Doo Town is a Tasmanian holiday village within the locality of Eaglehawk Neck, near Port Arthur, where the house names contain “doo”.

History
Located 79 km southeast of country's capital Hobart, Doo Town was established in the 1830s as an unnamed timber station which eventually developed into a shack community. In 1935 a Hobart architect, Eric Round, placed the name plate Doo I 99 on his weekend shack. A neighbor, Charles Gibson, responded with a plate reading Doo Me, then Bill Eldrige with Doo Us. Eric Round's shack was later renamed Xanadu or Xanadoo.

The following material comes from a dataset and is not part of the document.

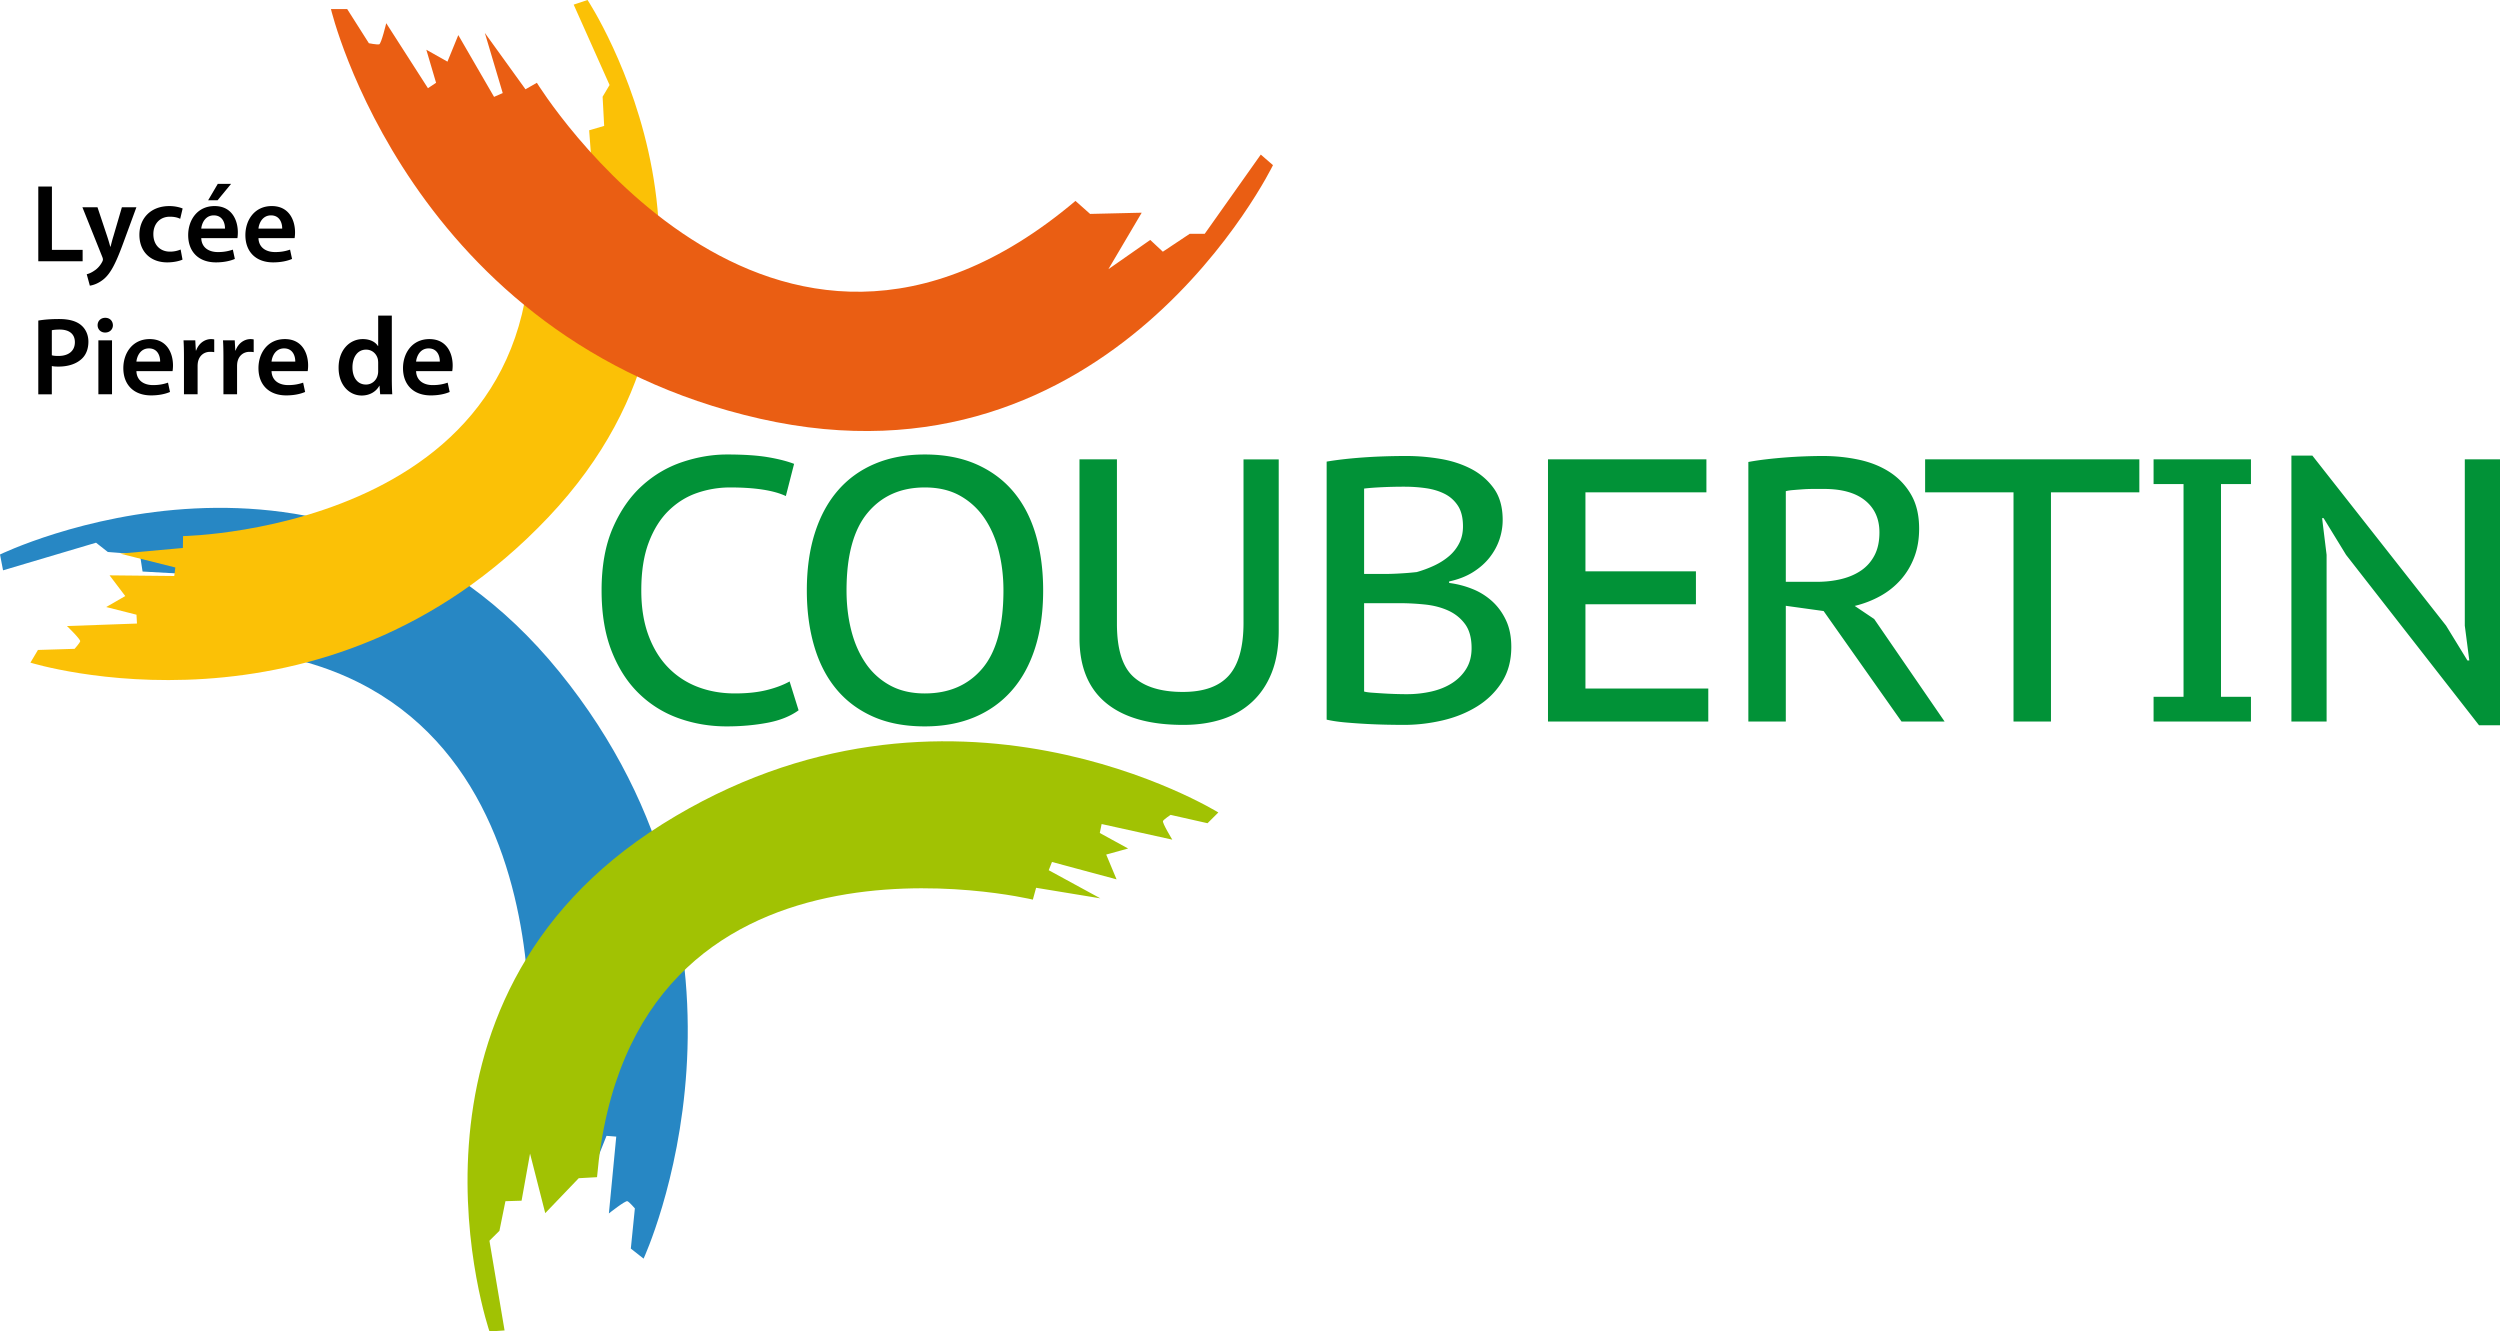 <svg xmlns="http://www.w3.org/2000/svg" width="630.794" height="335.955" viewBox="0 0 630.794 335.955"><path d="M133.06 270.897s12.782-110.868-88.346-107.309l-.873-4.856-10.42-7.798 15.404-6.004-12.853-.722-.661-4.298-8.102-.634-2.98-2.342-23.459 6.97L0 139.91s83.965-40.85 141.146 29.63 21.243 148.035 21.243 148.035l-3.221-2.532 1.021-10.142s-1.357-1.588-1.871-1.818c-.514-.23-4.688 3.09-4.688 3.09l1.86-19.385-2.455-.193-3.216 8.07-2.331-5.654-6.284 3.574 2.534-17.813-2.309-.599-5.825 14.706.724-17.499-3.268-.484z" fill="#2787c4"/><path d="M260.607 226.991s-101.763-24.525-109.965 70.03l-4.62.261-8.447 8.813-3.836-15.025-2.136 11.885-4.076.126-1.513 7.47-2.52 2.507 3.817 22.635-3.805.262s-28.47-82.823 43.659-128.034 140.24-2.92 140.24-2.92l-2.724 2.711-9.325-2.106s-1.634 1.083-1.907 1.535 2.344 4.717 2.344 4.717l-17.836-3.94-.459 2.264 7.147 3.913-5.53 1.527 2.612 6.257-16.295-4.388-.82 2.082 13.027 7.097-16.209-2.666-.823 2.987z" fill="#a1c203"/><path d="M20.85 63.042h-7.748V47.071h-3.44v18.852H20.85v-2.88zm9.902-10.74l-2.126 7.272c-.28.867-.53 1.902-.727 2.657h-.084a44.075 44.075 0 0 0-.783-2.63l-2.433-7.3h-3.805l5.008 12.503c.14.336.167.532.167.672 0 .167-.056.363-.195.615-.476.923-1.231 1.734-1.903 2.154-.699.503-1.398.81-1.985.95l.783 2.882c.839-.112 2.237-.56 3.608-1.734 1.594-1.399 2.853-3.664 4.727-8.755l3.412-9.286h-3.664zm12.112 2.377c1.231 0 2.042.251 2.602.531l.615-2.601c-.783-.336-2.07-.615-3.329-.615-4.783 0-7.58 3.16-7.58 7.244 0 4.224 2.77 6.965 7.021 6.965 1.707 0 3.133-.364 3.86-.7l-.476-2.545a6.83 6.83 0 0 1-2.713.532c-2.35 0-4.167-1.595-4.167-4.392-.028-2.49 1.538-4.42 4.167-4.42zm15.44-8.28h-3.356l-2.434 4.14h2.378l3.412-4.14zm.448 16.587c-1.063.364-2.182.616-3.776.616-2.21 0-4.111-1.064-4.195-3.525h9.118c.056-.308.112-.811.112-1.454 0-2.993-1.455-6.63-5.874-6.63-4.364 0-6.657 3.553-6.657 7.329 0 4.168 2.601 6.881 7.02 6.881 1.958 0 3.58-.364 4.755-.867l-.503-2.35zm-4.81-8.643c2.293 0 2.852 2.07 2.824 3.329h-5.985c.14-1.399 1.034-3.329 3.16-3.329zm14.992 11.86c1.957 0 3.58-.364 4.754-.867l-.503-2.35c-1.063.364-2.182.616-3.776.616-2.21 0-4.112-1.064-4.195-3.525h9.118c.056-.308.112-.811.112-1.454 0-2.993-1.455-6.63-5.874-6.63-4.364 0-6.657 3.553-6.657 7.329 0 4.168 2.601 6.881 7.02 6.881zm-.56-11.86c2.294 0 2.853 2.07 2.825 3.329h-5.985c.14-1.399 1.034-3.329 3.16-3.329zM20.46 82.035c-1.203-1.007-3.02-1.538-5.538-1.538-2.294 0-4 .167-5.26.39V99.49h3.414v-7.133c.475.112 1.034.14 1.678.14 2.433 0 4.56-.671 5.958-2.042 1.034-1.007 1.594-2.461 1.594-4.252 0-1.762-.727-3.244-1.846-4.167zm-5.706 7.776c-.7 0-1.23-.028-1.678-.168v-6.321c.363-.084 1.034-.169 1.986-.169 2.377 0 3.831 1.092 3.831 3.19 0 2.18-1.566 3.468-4.14 3.468zm10.07 9.678h3.44V85.867h-3.44V99.49zm1.734-19.3c-1.147 0-1.93.811-1.93 1.874 0 1.007.755 1.846 1.902 1.846 1.203 0 1.958-.84 1.958-1.846-.028-1.063-.755-1.874-1.93-1.874zm11.216 5.37c-4.363 0-6.657 3.553-6.657 7.328 0 4.168 2.601 6.882 7.02 6.882 1.959 0 3.581-.364 4.756-.868l-.504-2.35c-1.062.364-2.182.616-3.776.616-2.21 0-4.111-1.063-4.195-3.524h9.118c.056-.308.112-.811.112-1.455 0-2.993-1.454-6.629-5.874-6.629zm-3.356 5.679c.14-1.4 1.035-3.33 3.16-3.33 2.294 0 2.853 2.07 2.826 3.33h-5.986zm15.076-2.798h-.084l-.14-2.573h-2.965c.084 1.203.112 2.545.112 4.391v9.23h3.44v-7.076c0-.364.029-.727.084-1.035.308-1.566 1.455-2.601 3.077-2.601.42 0 .727.028 1.035.084v-3.217a3.616 3.616 0 0 0-.811-.084c-1.482 0-3.077.98-3.748 2.881zm9.957 0h-.083l-.14-2.573h-2.965c.084 1.203.112 2.545.112 4.391v9.23h3.44v-7.076c0-.364.028-.727.084-1.035.308-1.566 1.454-2.601 3.077-2.601.42 0 .727.028 1.035.084v-3.217a3.616 3.616 0 0 0-.812-.084c-1.482 0-3.077.98-3.748 2.881zm12.42-2.88c-4.364 0-6.657 3.552-6.657 7.327 0 4.168 2.6 6.882 7.02 6.882 1.958 0 3.58-.364 4.755-.868l-.503-2.35c-1.063.364-2.182.616-3.776.616-2.21 0-4.112-1.063-4.196-3.524h9.119c.056-.308.111-.811.111-1.455 0-2.993-1.454-6.629-5.873-6.629zm-3.357 5.678c.14-1.4 1.035-3.33 3.161-3.33 2.294 0 2.853 2.07 2.825 3.33h-5.986zM98.861 79.63h-3.44v7.691h-.057c-.615-1.006-1.957-1.762-3.831-1.762-3.273 0-6.126 2.713-6.098 7.273 0 4.196 2.573 6.965 5.846 6.965 1.958 0 3.608-.951 4.42-2.462h.055l.168 2.154h3.049a69.682 69.682 0 0 1-.112-3.833V79.63zm-3.44 13.957c0 .364-.029.699-.112 1.007-.336 1.482-1.567 2.434-2.965 2.434-2.182 0-3.413-1.819-3.413-4.336 0-2.518 1.231-4.475 3.44-4.475 1.567 0 2.658 1.09 2.965 2.405.056.28.084.643.084.923v2.042zm18.796-1.399c0-2.993-1.454-6.629-5.874-6.629-4.363 0-6.657 3.553-6.657 7.328 0 4.168 2.602 6.882 7.021 6.882 1.958 0 3.58-.364 4.755-.868l-.504-2.35c-1.062.364-2.18.616-3.775.616-2.21 0-4.112-1.063-4.196-3.524h9.118c.056-.308.112-.811.112-1.455zm-9.23-.95c.14-1.4 1.035-3.33 3.16-3.33 2.294 0 2.854 2.07 2.826 3.33h-5.986z"/><path d="M193.466 174.115c-2.268.567-4.946.85-8.032.85-3.402 0-6.536-.55-9.402-1.654a20.54 20.54 0 0 1-7.466-4.913c-2.11-2.174-3.764-4.882-4.96-8.127-1.198-3.244-1.796-7.008-1.796-11.293 0-4.787.629-8.835 1.89-12.142 1.26-3.308 2.944-5.985 5.055-8.032 2.11-2.047 4.504-3.528 7.182-4.442a25.467 25.467 0 0 1 8.268-1.37c6.3 0 10.993.725 14.08 2.173l2.08-8.127c-1.828-.692-4.064-1.259-6.71-1.7-2.646-.44-6.047-.662-10.206-.662-3.717 0-7.465.63-11.244 1.89-3.78 1.26-7.182 3.26-10.206 6-3.024 2.741-5.48 6.285-7.37 10.632-1.89 4.346-2.836 9.607-2.836 15.78 0 5.923.85 11.042 2.552 15.356 1.7 4.316 4 7.876 6.898 10.678a27.575 27.575 0 0 0 10.064 6.238c3.81 1.353 7.827 2.031 12.048 2.031 3.59 0 6.993-.299 10.206-.897 3.213-.598 5.858-1.655 7.937-3.166l-2.267-7.277c-1.576.883-3.497 1.607-5.765 2.174zm62.322-49.942c-2.49-2.992-5.608-5.323-9.355-6.993-3.75-1.668-8.112-2.504-13.088-2.504-4.663 0-8.836.772-12.521 2.315-3.685 1.545-6.804 3.78-9.355 6.71-2.551 2.929-4.505 6.52-5.86 10.772-1.355 4.252-2.03 9.088-2.03 14.505 0 5.103.614 9.766 1.842 13.986 1.228 4.221 3.071 7.829 5.528 10.82 2.457 2.994 5.543 5.325 9.26 6.993 3.717 1.669 8.095 2.504 13.136 2.504 4.661 0 8.835-.772 12.52-2.315 3.686-1.543 6.82-3.78 9.403-6.71 2.582-2.929 4.55-6.52 5.906-10.772 1.354-4.253 2.032-9.087 2.032-14.506 0-5.102-.614-9.764-1.843-13.985-1.228-4.22-3.087-7.827-5.575-10.82zm-7.938 44.507c-3.56 4.19-8.395 6.286-14.505 6.286-3.402 0-6.348-.688-8.836-2.065a17.588 17.588 0 0 1-6.142-5.629c-1.607-2.377-2.804-5.127-3.59-8.255-.79-3.127-1.182-6.473-1.182-10.039 0-8.817 1.78-15.354 5.339-19.606 3.559-4.253 8.363-6.38 14.41-6.38 3.465 0 6.441.704 8.93 2.111a18.037 18.037 0 0 1 6.143 5.676c1.606 2.377 2.803 5.128 3.591 8.255.787 3.127 1.181 6.442 1.181 9.944 0 8.945-1.78 15.511-5.34 19.702zm65.911-11.575c0 6.112-1.228 10.553-3.685 13.324-2.457 2.773-6.332 4.158-11.624 4.158-5.48 0-9.624-1.26-12.426-3.78-2.804-2.519-4.205-6.992-4.205-13.418v-41.484h-9.45v45.074c0 7.246 2.236 12.71 6.71 16.397 4.472 3.684 10.961 5.527 19.466 5.527 3.59 0 6.851-.472 9.78-1.417 2.93-.945 5.465-2.41 7.607-4.394 2.141-1.984 3.795-4.457 4.962-7.419 1.165-2.96 1.747-6.487 1.747-10.584v-43.184h-8.882v41.2zm62.745-5.386a16.374 16.374 0 0 0-5.008-3.118 23.613 23.613 0 0 0-5.86-1.513v-.377c2.331-.504 4.348-1.29 6.049-2.363 1.701-1.07 3.102-2.315 4.205-3.733 1.101-1.417 1.92-2.93 2.457-4.536.534-1.606.803-3.227.803-4.866 0-3.275-.756-5.953-2.268-8.032-1.512-2.08-3.435-3.717-5.764-4.914-2.331-1.196-4.93-2.032-7.796-2.504a51.424 51.424 0 0 0-8.363-.709c-3.97 0-7.687.127-11.15.378-3.466.253-6.49.6-9.072 1.04v65.108c1.384.317 2.976.551 4.771.709a157.155 157.155 0 0 0 10.537.567c1.637.03 3.024.047 4.158.047 3.275 0 6.535-.377 9.78-1.134 3.244-.756 6.157-1.937 8.74-3.544 2.584-1.606 4.662-3.652 6.238-6.142 1.574-2.488 2.363-5.434 2.363-8.835 0-2.583-.442-4.82-1.324-6.71-.882-1.89-2.047-3.496-3.496-4.82zm-32.318-28.439c.94-.127 2.338-.238 4.189-.334a119.45 119.45 0 0 1 6.073-.143c1.819 0 3.608.127 5.365.38 1.757.255 3.326.732 4.707 1.431 1.382.7 2.494 1.7 3.342 3.002s1.271 3.035 1.271 5.195c0 1.588-.314 3.003-.941 4.242a10.55 10.55 0 0 1-2.542 3.24c-1.068.922-2.307 1.716-3.719 2.384a28.89 28.89 0 0 1-4.47 1.667 69.35 69.35 0 0 1-3.955.333 68.59 68.59 0 0 1-4.142.144h-5.178V123.28zm25.76 45.491c-.907 1.462-2.112 2.668-3.614 3.62-1.501.954-3.238 1.653-5.208 2.098a27.89 27.89 0 0 1-6.146.665c-.877 0-1.83-.014-2.863-.046-1.032-.034-2.064-.08-3.096-.144a262.576 262.576 0 0 1-2.864-.19c-.875-.064-1.532-.16-1.969-.287V152.19h8.82c2.127 0 4.285.112 6.475.334 2.19.223 4.16.73 5.914 1.525 1.75.795 3.174 1.937 4.27 3.43 1.094 1.493 1.641 3.51 1.641 6.05 0 2.033-.454 3.78-1.36 5.241zm30.087-16.296h27.877v-8.316h-27.877V124.22h30.523v-8.315h-39.972v66.148h40.445v-8.317h-30.996v-21.261zm67.942.41c2.33-.567 4.488-1.401 6.473-2.505a19.38 19.38 0 0 0 5.15-4.114c1.449-1.639 2.583-3.532 3.401-5.676.819-2.144 1.23-4.539 1.23-7.188 0-3.404-.678-6.273-2.033-8.606a16.612 16.612 0 0 0-5.386-5.674c-2.237-1.45-4.82-2.49-7.749-3.122-2.93-.63-5.97-.946-9.118-.946a129.118 129.118 0 0 0-9.545.378c-1.639.127-3.26.283-4.866.473-1.606.189-3.071.41-4.394.66v65.488h9.45v-29.2l9.543 1.323 19.656 27.877h10.868l-17.766-25.864-4.914-3.304zm-9.64-6.08h-7.747v-22.868c.44-.126 1.038-.22 1.795-.283.756-.063 1.574-.126 2.456-.19.882-.062 1.78-.094 2.694-.094h2.693c4.536 0 8 .977 10.395 2.93 2.393 1.953 3.59 4.63 3.59 8.031 0 2.268-.41 4.191-1.228 5.765-.82 1.575-1.937 2.851-3.355 3.827-1.416.977-3.086 1.7-5.008 2.173-1.923.473-4.016.71-6.284.71zm27.406-22.585h22.302v57.833h9.45V124.22h22.3v-8.315h-54.052v8.315zm57.642-2.079h7.56v53.674h-7.56v6.238h24.57v-6.238h-7.56v-53.674h7.56v-6.236h-24.57v6.236zm78.527-6.236v41.956l1.134 8.788h-.473l-5.386-8.788-33.735-42.902h-5.292v67.094h8.882V140l-1.134-9.26h.378l5.67 9.26 33.546 42.997h5.292v-67.093h-8.882z" fill="#019237"/><path d="M46.193 135.266s101.268-1.66 86.062-92.225l4.265-1.362 5.78-10.3 7.23 13.146-.877-11.65 3.79-1.105-.392-7.364 1.754-2.96-9.056-20.279L148.25 0s46.721 70.696-9.904 130.51-130.67 36.685-130.67 36.685l1.896-3.199 9.246-.284s1.268-1.41 1.414-1.9-3.338-3.851-3.338-3.851l17.663-.628-.118-2.232-7.643-1.935 4.81-2.769-3.96-5.229 16.327.166.265-2.149-13.923-3.495 15.83-1.426.048-2.998z" fill="#fbc106"/><path d="M135.458 20.888s58.517 95.159 135.902 29.806l3.691 3.281 13.023-.308-8.409 14.254 10.562-7.383 3.179 2.973L300.174 59h3.794l14.15-19.996 3.077 2.666s-40.812 84.084-129.407 63.986S83.504 2.294 83.504 2.294h4.102l5.469 8.614s2.05.41 2.597.273c.547-.137 1.778-5.332 1.778-5.332l10.527 16.407 2.051-1.368-2.461-8.34 5.332 3.008 2.735-6.7 9.023 15.587 2.188-.957-4.512-15.176 10.254 14.22 2.871-1.642z" fill="#ea5e13"/></svg>

The trend caught on and most of the homes have a plate that includes the name 'Doo'. Some shacks play on the theme, with 'do' and even 'du' variations.

House names
Af-2-Doo, Da Doo Ron Ron, Didgeri-Doo, Doo-All, Doo Come In, Doodle Doo, Doo Drop In, Doo For Now, Doo Fuck All, Doo I, Doo-ing it easy, Doo Luv It, Doo-Me, Doo Nix, Doo Not Disturb, Doo Nothing, Doo Often, Doo Us, Doo Us Too, Doo Write, Dr DooLittle, Gunnadoo, Humpty Doo, Just Doo It, Love Me Doo, Make Doo, Much-A-Doo, Rum Doo, Sheil Doo, This Will Doo, Thistle Doo Me, Wattle-I-Doo, Wee-Doo, Xanadu, Yabba Dabba Doo.

Interestingly, the list does not yet contain the names Doo Hast or Scooby-Doo.

The one non-conforming house has a plate that reads Medhurst.

In popular culture
In 2004, Off Planet Films made a pilot for a television cartoon series set in and named after the Tasmanian town, the cartoon portrayed a "backwater" town full of dodgy characters, rednecks, aliens, strip-clubs and gratuitous nudity.